The former “world’s strongest” boy Richard Sandrak — better known as “Little Hercules” — has revealed that being a kid bodybuilder wasn’t all it was pumped up to be.

In a viral interview with the Metro 25 years after he blew up, the now-unrecognizable ex-Adonis revealed that his seemingly prodigious childhood was fraught with abuse and manipulation.

“When people talk about a childhood memory, it’s usually associated with something positive. I can’t really relate,” Sandrak, 32, told the outlet. “For me, it was a daily occurrence to where I was physically and emotionally abused by my dad.”

Born in Ukraine to a martial arts world champion father and an aerobics-star mother, the well-muscled wunderkind seemed destined to become famous for his physique.

Sandrak was working out every day by the time he was 5. By age 8, he could bench press three times his body weight and boasted rock-hard pecs and abs that were so well-defined, they looked Photoshopped.

After emigration to the U.S., Sandrak quickly took the world by storm, competing in bodybuilding contests all over the globe and earning the title “the strongest boy in the world.”

During Little Hercules’ halcyon days, he rubbed elbows with the likes of muscle mavens Arnold Schwarzenegger and “The Incredible Hulk” star Lou Ferrigno and even landed a spot in the flick “Tiny Tarzan,” the Daily Mail reported.

The iron-pumping prodigy also appeared on primetime TV, chatting with Jimmy Kimmel, Howard Stern and other media personalities.

However, while on the surface everything seemed Hulk-y dory, there was a dark side to Sandrak’s success.

Alarm bells were set off with the release of the 2005 documentary “The World’s Strongest Boy,” which depicted the grueling training regimen the child had to endure, including a stringent “athlete’s diet” devoid of the treats enjoyed by kids his age in the 1990s.

As a result, he developed an unnatural physique with dangerously low levels of body fat.

The jacked tyke also suffered appalling mental and physical abuse at the hands of his father and trainer Pavel Sandrak, who forced him to lift weights and practice martial arts for up to “eight hours a day.”

“My father would often go into rage fits and what would start as a normal workout ended up with me doing a triple split kick for 12 hours,” Sandrak recalled. “There were more times than I can count where a simple training session turned into what felt like a really intense hostage situation.”

The mini Samson was even forced to do squats while watching TV.

To make matters worse, Sandrak said he didn’t even choose bodybuilding as a career path — he was “physically beaten into it,” he said.

“My dad was very abusive,” recalled the unwilling gym shark. “I learned early on not to ask to stop. You grit your teeth and keep doing what you’re told.”

Salvation came around 2003 when Sandrak’s father was jailed and deported to Ukraine following a particularly violent assault on his mother Lena that year.

The absence of a father was transformational for the adolescent, who was finally free to forge his own path.

Sandrak gave up weightlifting at age 16 to pursue other sports like gymnastics, swimming, diving, basketball and skateboarding.

“Weightlifting was almost like PTSD in a sense,” he said. “It was connected to my past. I got tired of everything being based around my body.”

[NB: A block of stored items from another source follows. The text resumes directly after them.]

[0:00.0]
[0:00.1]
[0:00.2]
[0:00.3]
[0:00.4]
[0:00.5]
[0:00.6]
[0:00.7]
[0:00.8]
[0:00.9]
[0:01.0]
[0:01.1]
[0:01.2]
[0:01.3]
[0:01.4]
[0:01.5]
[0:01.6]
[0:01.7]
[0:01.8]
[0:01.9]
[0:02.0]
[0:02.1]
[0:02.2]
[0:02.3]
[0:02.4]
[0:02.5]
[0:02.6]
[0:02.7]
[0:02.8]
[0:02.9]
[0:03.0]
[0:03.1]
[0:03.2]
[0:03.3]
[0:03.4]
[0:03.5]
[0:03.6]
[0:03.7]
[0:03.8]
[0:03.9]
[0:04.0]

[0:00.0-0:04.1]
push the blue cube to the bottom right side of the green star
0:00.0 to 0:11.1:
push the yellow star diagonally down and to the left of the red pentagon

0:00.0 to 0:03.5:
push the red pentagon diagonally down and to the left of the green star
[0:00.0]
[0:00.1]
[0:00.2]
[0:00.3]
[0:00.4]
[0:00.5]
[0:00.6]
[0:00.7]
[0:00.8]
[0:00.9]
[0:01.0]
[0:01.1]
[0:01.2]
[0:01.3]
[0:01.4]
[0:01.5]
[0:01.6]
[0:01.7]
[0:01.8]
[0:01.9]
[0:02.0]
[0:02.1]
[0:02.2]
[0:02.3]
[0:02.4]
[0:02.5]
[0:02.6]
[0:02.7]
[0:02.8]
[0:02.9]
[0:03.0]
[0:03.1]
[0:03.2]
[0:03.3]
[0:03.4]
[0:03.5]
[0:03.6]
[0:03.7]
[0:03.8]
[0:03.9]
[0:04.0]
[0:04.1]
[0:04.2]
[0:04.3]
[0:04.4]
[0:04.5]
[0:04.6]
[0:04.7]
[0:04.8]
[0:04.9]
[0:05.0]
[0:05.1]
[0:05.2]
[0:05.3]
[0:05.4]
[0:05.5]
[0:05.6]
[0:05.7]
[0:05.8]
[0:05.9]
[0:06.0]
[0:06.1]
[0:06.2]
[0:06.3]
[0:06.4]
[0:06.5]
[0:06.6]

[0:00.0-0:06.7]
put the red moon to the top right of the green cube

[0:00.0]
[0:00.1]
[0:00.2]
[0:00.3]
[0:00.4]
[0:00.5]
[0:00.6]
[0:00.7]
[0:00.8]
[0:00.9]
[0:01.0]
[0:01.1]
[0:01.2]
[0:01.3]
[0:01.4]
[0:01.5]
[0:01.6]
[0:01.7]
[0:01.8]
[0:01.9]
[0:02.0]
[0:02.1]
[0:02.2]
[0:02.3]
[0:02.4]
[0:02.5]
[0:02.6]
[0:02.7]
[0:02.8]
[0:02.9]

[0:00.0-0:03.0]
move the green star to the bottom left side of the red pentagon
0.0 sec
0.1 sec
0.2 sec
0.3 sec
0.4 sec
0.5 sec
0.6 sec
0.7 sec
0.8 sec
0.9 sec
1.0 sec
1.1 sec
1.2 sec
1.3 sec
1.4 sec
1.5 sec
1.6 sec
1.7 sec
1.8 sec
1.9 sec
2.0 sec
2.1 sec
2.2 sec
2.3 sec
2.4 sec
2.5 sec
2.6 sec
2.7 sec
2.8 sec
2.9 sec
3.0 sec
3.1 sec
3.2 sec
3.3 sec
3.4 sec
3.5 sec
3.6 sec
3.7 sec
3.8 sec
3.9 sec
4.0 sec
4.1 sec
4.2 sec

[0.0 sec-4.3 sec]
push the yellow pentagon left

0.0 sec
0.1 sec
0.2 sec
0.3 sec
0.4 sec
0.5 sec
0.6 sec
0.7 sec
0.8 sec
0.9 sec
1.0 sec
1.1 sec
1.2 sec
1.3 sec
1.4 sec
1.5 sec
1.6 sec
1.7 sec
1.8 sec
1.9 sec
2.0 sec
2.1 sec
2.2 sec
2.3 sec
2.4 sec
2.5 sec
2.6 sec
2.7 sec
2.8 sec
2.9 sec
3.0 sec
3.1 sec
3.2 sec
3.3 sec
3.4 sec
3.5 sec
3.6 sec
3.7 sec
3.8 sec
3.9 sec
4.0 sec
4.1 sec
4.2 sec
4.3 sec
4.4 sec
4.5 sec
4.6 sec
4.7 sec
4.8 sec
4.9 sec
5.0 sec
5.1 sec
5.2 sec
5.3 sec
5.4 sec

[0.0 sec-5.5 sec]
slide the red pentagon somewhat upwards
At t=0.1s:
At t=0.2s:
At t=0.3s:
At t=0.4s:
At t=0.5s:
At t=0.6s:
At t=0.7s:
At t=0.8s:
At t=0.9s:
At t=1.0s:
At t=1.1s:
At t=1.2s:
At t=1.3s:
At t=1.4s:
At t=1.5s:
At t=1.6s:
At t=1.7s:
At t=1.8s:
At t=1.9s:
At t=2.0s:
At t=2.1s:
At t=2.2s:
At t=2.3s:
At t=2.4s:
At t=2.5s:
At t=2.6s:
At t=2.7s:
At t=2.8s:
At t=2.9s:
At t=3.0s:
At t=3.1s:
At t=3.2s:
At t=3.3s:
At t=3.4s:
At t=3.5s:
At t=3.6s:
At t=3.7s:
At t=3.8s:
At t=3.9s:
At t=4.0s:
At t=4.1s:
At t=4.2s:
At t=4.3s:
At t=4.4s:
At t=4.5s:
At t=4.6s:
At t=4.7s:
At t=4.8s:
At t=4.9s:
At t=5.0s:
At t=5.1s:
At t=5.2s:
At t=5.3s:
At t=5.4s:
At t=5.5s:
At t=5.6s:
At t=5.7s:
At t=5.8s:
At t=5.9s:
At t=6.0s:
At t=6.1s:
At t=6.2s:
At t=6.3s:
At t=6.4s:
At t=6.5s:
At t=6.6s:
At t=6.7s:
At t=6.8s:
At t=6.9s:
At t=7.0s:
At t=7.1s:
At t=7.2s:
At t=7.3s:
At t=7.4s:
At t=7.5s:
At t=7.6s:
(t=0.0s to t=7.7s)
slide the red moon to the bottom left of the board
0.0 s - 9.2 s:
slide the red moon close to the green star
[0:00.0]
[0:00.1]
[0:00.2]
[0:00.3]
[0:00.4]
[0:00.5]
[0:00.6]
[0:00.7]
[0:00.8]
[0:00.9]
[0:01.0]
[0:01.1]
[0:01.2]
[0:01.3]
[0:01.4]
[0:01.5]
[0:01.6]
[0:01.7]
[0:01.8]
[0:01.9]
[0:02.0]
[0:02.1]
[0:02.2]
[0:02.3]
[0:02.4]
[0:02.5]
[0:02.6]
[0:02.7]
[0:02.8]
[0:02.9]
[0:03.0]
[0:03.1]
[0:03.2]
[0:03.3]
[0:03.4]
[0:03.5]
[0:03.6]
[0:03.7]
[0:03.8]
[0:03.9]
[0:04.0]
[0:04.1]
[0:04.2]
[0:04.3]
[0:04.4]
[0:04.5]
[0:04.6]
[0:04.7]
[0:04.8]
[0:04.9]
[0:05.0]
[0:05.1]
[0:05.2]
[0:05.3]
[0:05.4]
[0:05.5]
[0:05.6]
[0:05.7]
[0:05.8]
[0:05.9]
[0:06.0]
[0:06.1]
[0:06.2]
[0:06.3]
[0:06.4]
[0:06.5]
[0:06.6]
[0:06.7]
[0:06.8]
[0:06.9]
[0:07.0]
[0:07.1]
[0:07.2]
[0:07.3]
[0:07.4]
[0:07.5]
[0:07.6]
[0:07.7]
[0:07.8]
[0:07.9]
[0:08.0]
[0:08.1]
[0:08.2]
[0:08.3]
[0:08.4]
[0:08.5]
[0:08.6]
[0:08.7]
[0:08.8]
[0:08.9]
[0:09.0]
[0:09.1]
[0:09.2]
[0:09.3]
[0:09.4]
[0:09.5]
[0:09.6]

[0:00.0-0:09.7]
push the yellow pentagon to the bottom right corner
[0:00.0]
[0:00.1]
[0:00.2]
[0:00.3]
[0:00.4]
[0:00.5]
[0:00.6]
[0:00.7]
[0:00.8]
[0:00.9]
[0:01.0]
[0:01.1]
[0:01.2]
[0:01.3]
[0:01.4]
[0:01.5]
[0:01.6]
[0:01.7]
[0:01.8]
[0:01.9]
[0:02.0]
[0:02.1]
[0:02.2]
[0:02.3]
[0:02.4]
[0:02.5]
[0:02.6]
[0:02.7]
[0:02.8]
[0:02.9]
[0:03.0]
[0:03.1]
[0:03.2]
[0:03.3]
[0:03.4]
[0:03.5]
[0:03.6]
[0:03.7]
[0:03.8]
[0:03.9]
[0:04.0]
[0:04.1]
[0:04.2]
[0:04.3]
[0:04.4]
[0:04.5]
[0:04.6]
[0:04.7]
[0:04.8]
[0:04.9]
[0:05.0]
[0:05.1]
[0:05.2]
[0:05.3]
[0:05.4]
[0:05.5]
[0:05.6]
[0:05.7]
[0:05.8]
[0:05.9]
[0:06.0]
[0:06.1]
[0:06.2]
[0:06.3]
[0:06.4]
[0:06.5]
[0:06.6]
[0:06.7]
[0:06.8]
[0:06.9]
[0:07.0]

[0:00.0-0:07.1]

Unfortunately, due to his militant upbringing, Sandrak found himself “socially inept and unable to communicate properly” with his peers like a ripped fish out of water.

He eventually turned to the bottle, which seemed normal given that he’d drunk his first drop at age 9 and had been exposed to the liquor-laden life of a child star in LA.

“I would party a lot and anything I did, I made sure I always had alcohol around,” recalled Sandrak, who was downing a bottle of tequila a day at his lowest point.

Hitting rock bottom provided a wake-up call for Sandrak, who eventually quit boozing and has now been sober for a year.

These days, the former child sensation enjoys a quiet existence as a retail manager in Los Angeles, where he lives with his lawyer girlfriend and two cats, Miko and Mushu.

Despite leaving the bodybuilding life behind, Sandrak hasn’t entirely given up on fitness, either: He is currently considering a career as a personal trainer and nutritionist.

“When I look back at all I have been through, it feels like I’m looking back at a different person’s life,” he said. “And I’d say I’m mostly happy with the person I am today.”

Sandrak added that he hasn’t seen his father — who he claims never apologized for his actions — since he was deported, nor does he have any interest in reconnecting with him.

“I will always hold resentment towards him. They say ‘forgive and forget,’” Sandrak told Metro. “I may be willing to forgive, but I will never forget.’